Alternatively, another hypothesis is the arterial endothelial injury by toxic drug effect [35]. Experimental data has indicated direct cytotoxic effects on the brain capillary endothelial cells with TAC [36]. And it is suggested that with release of vasoactive substances such as endothelin due to disrupt endothelial integrity, spasm in cerebral arteries would be likely seen in neurotoxicity induced by TAC [10, 37]. Endothelin could gain access to the cerebral vascular smooth muscle, resulting in vasoconstriction and vasospasm. Elevated circulating endothelin could also promote systemic hypertension. Under such conditions, some of the neuroradiologic findings could show typical transient white matter edema in the subcortical parietal and occipital lobes, as observed in cases of acute hypertensive encephalopathy. As in our two patients with typical TAC-E (Patients 1 and 2), elevated blood pressure and TAC levels were observed in most episodes. And the imaging studies have demonstrated vasogenic/cytotoxic edema in subcortical regions of parietal and occipital lobes along with diffuse proximal vasospasm resulting in hypoperfusion.
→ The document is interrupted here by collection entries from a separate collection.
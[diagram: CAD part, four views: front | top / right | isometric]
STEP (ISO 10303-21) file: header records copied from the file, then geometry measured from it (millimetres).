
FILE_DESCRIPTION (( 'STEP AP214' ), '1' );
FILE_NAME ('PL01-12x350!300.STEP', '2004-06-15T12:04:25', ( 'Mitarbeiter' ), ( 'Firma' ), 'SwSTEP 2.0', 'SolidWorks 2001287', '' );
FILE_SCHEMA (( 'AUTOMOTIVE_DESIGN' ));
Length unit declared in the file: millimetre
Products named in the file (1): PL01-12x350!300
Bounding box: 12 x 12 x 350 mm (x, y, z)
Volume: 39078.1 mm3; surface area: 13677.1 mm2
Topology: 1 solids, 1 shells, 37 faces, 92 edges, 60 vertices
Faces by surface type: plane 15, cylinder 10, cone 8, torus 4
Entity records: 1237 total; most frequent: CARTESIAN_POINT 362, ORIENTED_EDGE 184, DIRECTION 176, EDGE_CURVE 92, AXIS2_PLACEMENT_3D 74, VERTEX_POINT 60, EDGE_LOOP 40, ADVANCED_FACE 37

We are therefore suggesting that TAC-induced vasculopathy associated with proximal vasospasm leading to brain hypoperfusion and presumed ischemia would be more appropriate mechanism of typical TAC-E.
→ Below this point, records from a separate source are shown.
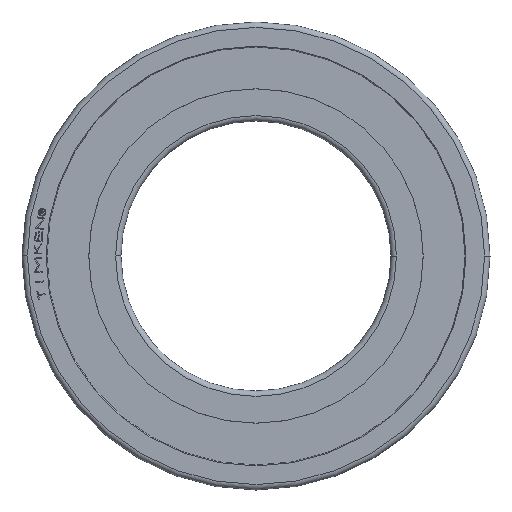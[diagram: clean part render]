
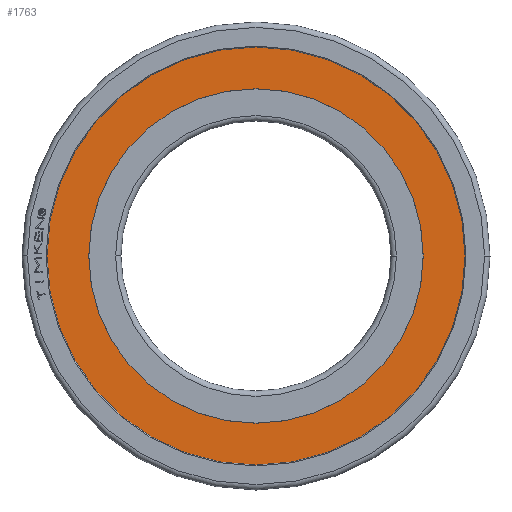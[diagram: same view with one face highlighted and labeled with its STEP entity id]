
A CAD part, left-side view. The second image highlights one B-rep face of the part: STEP entity #1763.
In plain terms, the highlighted planar face has unit normal (-1, 0, 0).
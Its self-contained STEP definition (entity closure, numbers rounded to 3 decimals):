
#1763=ADVANCED_FACE('',(#3607,#3608),#3609,.T.);
#3607=FACE_OUTER_BOUND('',#5443,.T.);
#3608=FACE_BOUND('',#5444,.T.);
#3609=PLANE('',#5445);
#5443=EDGE_LOOP('',(#11249,#11250));
#5444=EDGE_LOOP('',(#11251,#11252));
#5445=AXIS2_PLACEMENT_3D('',#11253,#11254,#11255);
#11249=ORIENTED_EDGE('',*,*,#11265,.F.);
#11250=ORIENTED_EDGE('',*,*,#11487,.F.);
#11251=ORIENTED_EDGE('',*,*,#13579,.T.);
#11252=ORIENTED_EDGE('',*,*,#11493,.T.);
#11253=CARTESIAN_POINT('',(-11.5,52.376,0.));
#11254=DIRECTION('',(-1.0,0.,0.));
#11255=DIRECTION('',(0.,1.0,0.));
#11265=EDGE_CURVE('',#13595,#13597,#13598,.T.);
#11487=EDGE_CURVE('',#13597,#13595,#13992,.T.);
#11493=EDGE_CURVE('',#14000,#13997,#14001,.T.);
#13579=EDGE_CURVE('',#13997,#14000,#17072,.T.);
#13595=VERTEX_POINT('',#17088);
#13597=VERTEX_POINT('',#17090);
#13598=CIRCLE('',#17091,58.305);
#13992=CIRCLE('',#19081,58.305);
#13997=VERTEX_POINT('',#19086);
#14000=VERTEX_POINT('',#19090);
#14001=CIRCLE('',#19091,46.448);
#17072=CIRCLE('',#28333,46.448);
#17088=CARTESIAN_POINT('',(-11.5,58.305,0.));
#17090=CARTESIAN_POINT('',(-11.5,-58.305,0.));
#17091=AXIS2_PLACEMENT_3D('',#28354,#28355,#28356);
#19081=AXIS2_PLACEMENT_3D('',#28633,#28634,#28635);
#19086=CARTESIAN_POINT('',(-11.5,46.448,0.));
#19090=CARTESIAN_POINT('',(-11.5,-46.448,0.));
#19091=AXIS2_PLACEMENT_3D('',#28643,#28644,#28645);
#28333=AXIS2_PLACEMENT_3D('',#30335,#30336,#30337);
#28354=CARTESIAN_POINT('',(-11.5,0.,0.));
#28355=DIRECTION('',(1.0,0.,0.));
#28356=DIRECTION('',(0.,1.0,0.));
#28633=CARTESIAN_POINT('',(-11.5,0.,0.));
#28634=DIRECTION('',(1.0,0.,0.));
#28635=DIRECTION('',(0.,1.0,0.));
#28643=CARTESIAN_POINT('',(-11.5,0.,0.));
#28644=DIRECTION('',(1.0,0.,0.));
#28645=DIRECTION('',(0.,1.0,0.));
#30335=CARTESIAN_POINT('',(-11.5,0.,0.));
#30336=DIRECTION('',(1.0,0.,0.));
#30337=DIRECTION('',(0.,1.0,0.));

Furthermore, as laminar cortical infarcts with hemorrhagic transformation were revealed in our study, other unique pathophysiological considerations were implied. As it was described, increased release of endothelin which was related to TAC-induced neurotoxicity could result in vasoconstriction and vasospasm. If the vasospasm is prolonged, a hypoxic episode could result and lesion would be similar to that described in hypoxic encephalopathy [10]. In our three patients with atypical cortical abnormalities, the evolution of findings on the imaging studies indicated that they probably suffered a hypoxic episode. According to initial MRI of these patients, lesions located in the cortex showed hyperintensity signal change on DWI with decreased ADC values indicating cortical infarction that could also be found in patients with hypoxic encephalopathy [21], with contrast-enhanced T1-weighted images showing cortical enhancement which demonstrated blood-brain barrier (BBB) disturbance. An increase in the permeability of the BBB can facilitate the passage of TAC, thus promoting cerebral ischemia and extending neurologic damage. And the development of cortical laminar infarcts may indicate that a hypoxic or hypoperfusion episode has occurred due to prolonged distal vasospasm that was also seen in our three patients. Moreover, hemorrhagic transformation after cortical infarcts which was rarely seen in PRES was demonstrated in our study. It might be related to the disruption of the BBB along with the disturbances of local cortical microvascularization attributable to vasoconstriction of small arteries and arterioles, which was similar to pathophysiology of hemorrhagic transformation of acute ischemic stroke [38]. In addition, it was noticed that the three patients with laminar cortical infarcts along with hemorrhagic transformation were also clearly older (mean age: 54.3 years) than the two patients with typical TAC-E (mean age: 16.5 years), which indicated that age may play a role in the occurrence of hemorrhagical lesions in TAC-E. Further work is needed. Thus, it was considered that the possible pathophysiological mechanism of atypical MRI manifestation could be vasculopathy along with a possibly more severe, prolonged, or distal vasospasm leading to laminar cortical infarcts with hemorrhagic transformation, which would result in the irreversibility of the cortical lesions.

7. Conclusions

It is considered that the mechanism of TAC-E would be more heterogenous than commonly perceived. However, Lee et al. [39] suggested that although there are a variety of superficially unrelated precipitants involved in the process, all the triggers are presumably unified by a final common pathway, possibly dysfunction of cerebral autoregulation.

Financial Disclosure

Project supported by Scientific and Technological Research Program of Chongqing Municipal Education Commission (Grant no. KJ120311).

Conflict of Interests

The authors declare that there is no conflict of interests regarding the publication of this paper.